◆ **PROBLEM TO SOLVE**: Your output should consist solely of the lines from the one with "main class: Cropland" through the end of the records, reproduced exactly, both ends included.

SOURCE DATA START

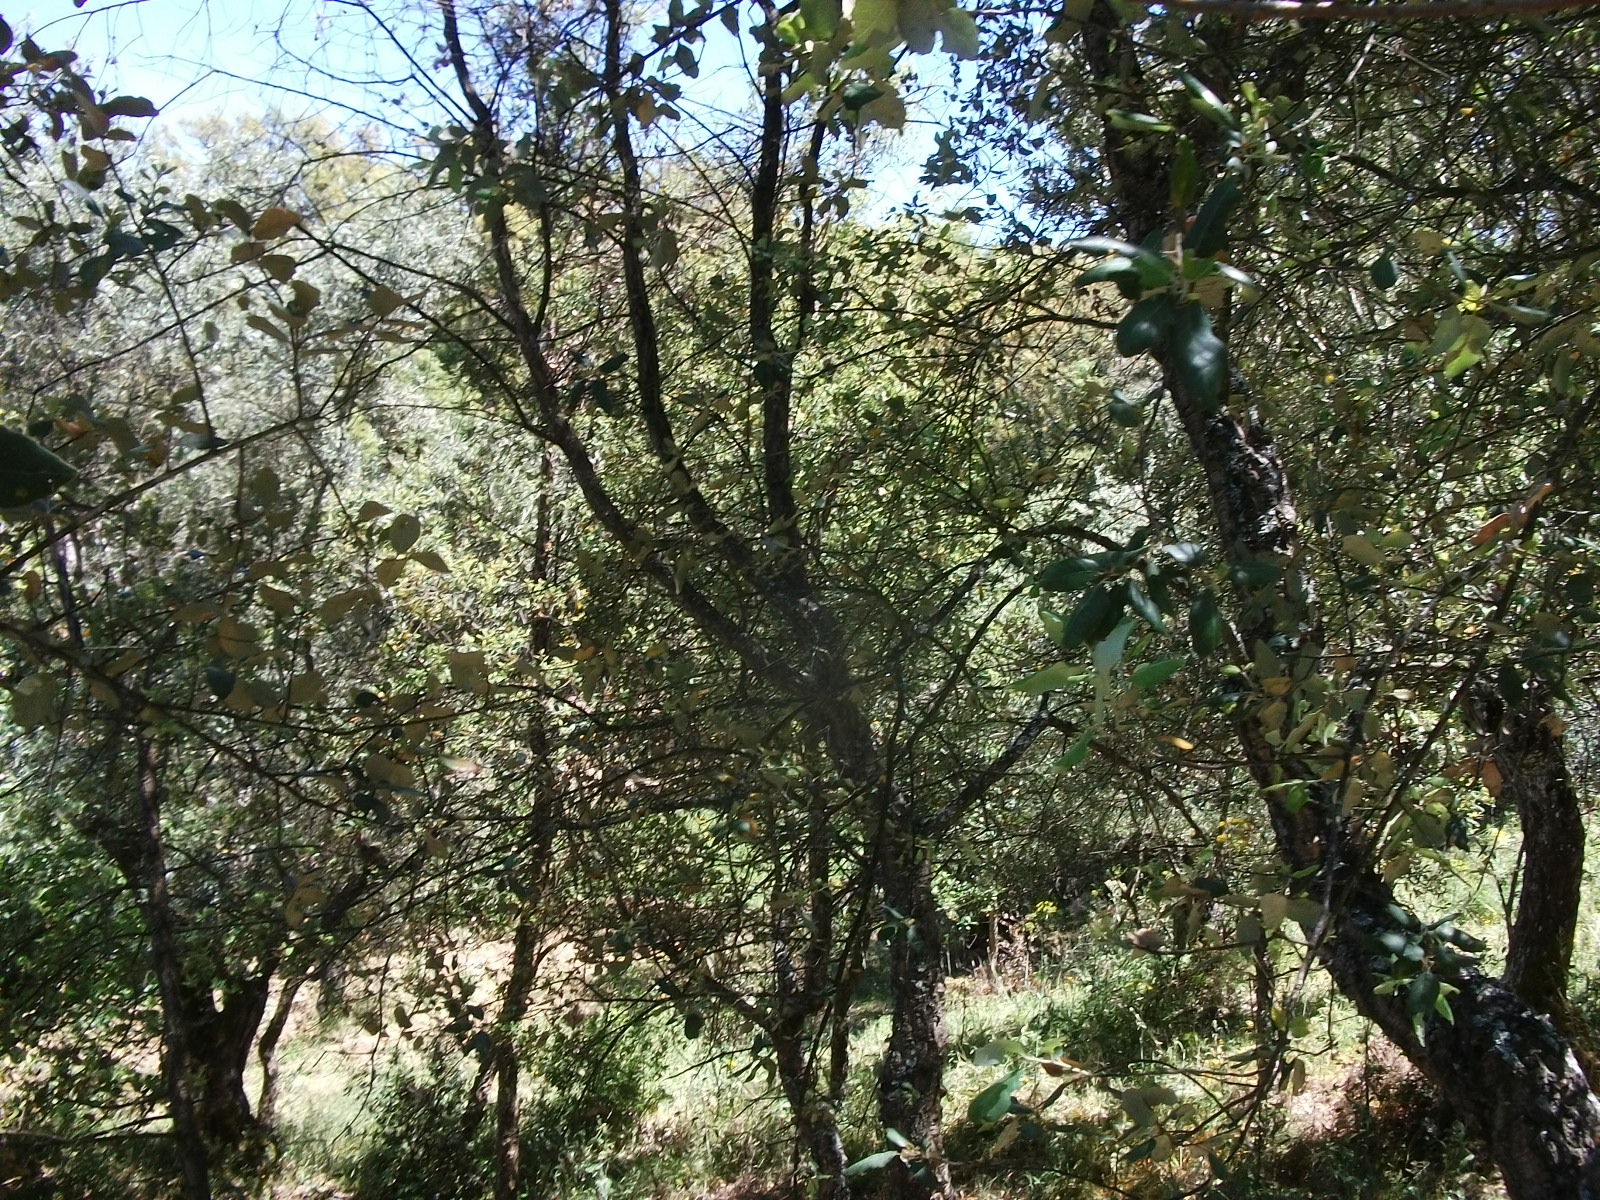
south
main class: Cropland
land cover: Olive groves
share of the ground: 10 - 25 %
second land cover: Spontaneously vegetated surfaces
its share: > 75 %
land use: Agriculture (excluding fallow land and kitchen gardens)
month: May
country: ES
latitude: 37.9346
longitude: -6.6228

SOURCE DATA END

◆ **EXERCISE RESPONSE**:
main class: Cropland
land cover: Olive groves
share of the ground: 10 - 25 %
second land cover: Spontaneously vegetated surfaces
its share: > 75 %
land use: Agriculture (excluding fallow land and kitchen gardens)
month: May
country: ES
latitude: 37.9346
longitude: -6.6228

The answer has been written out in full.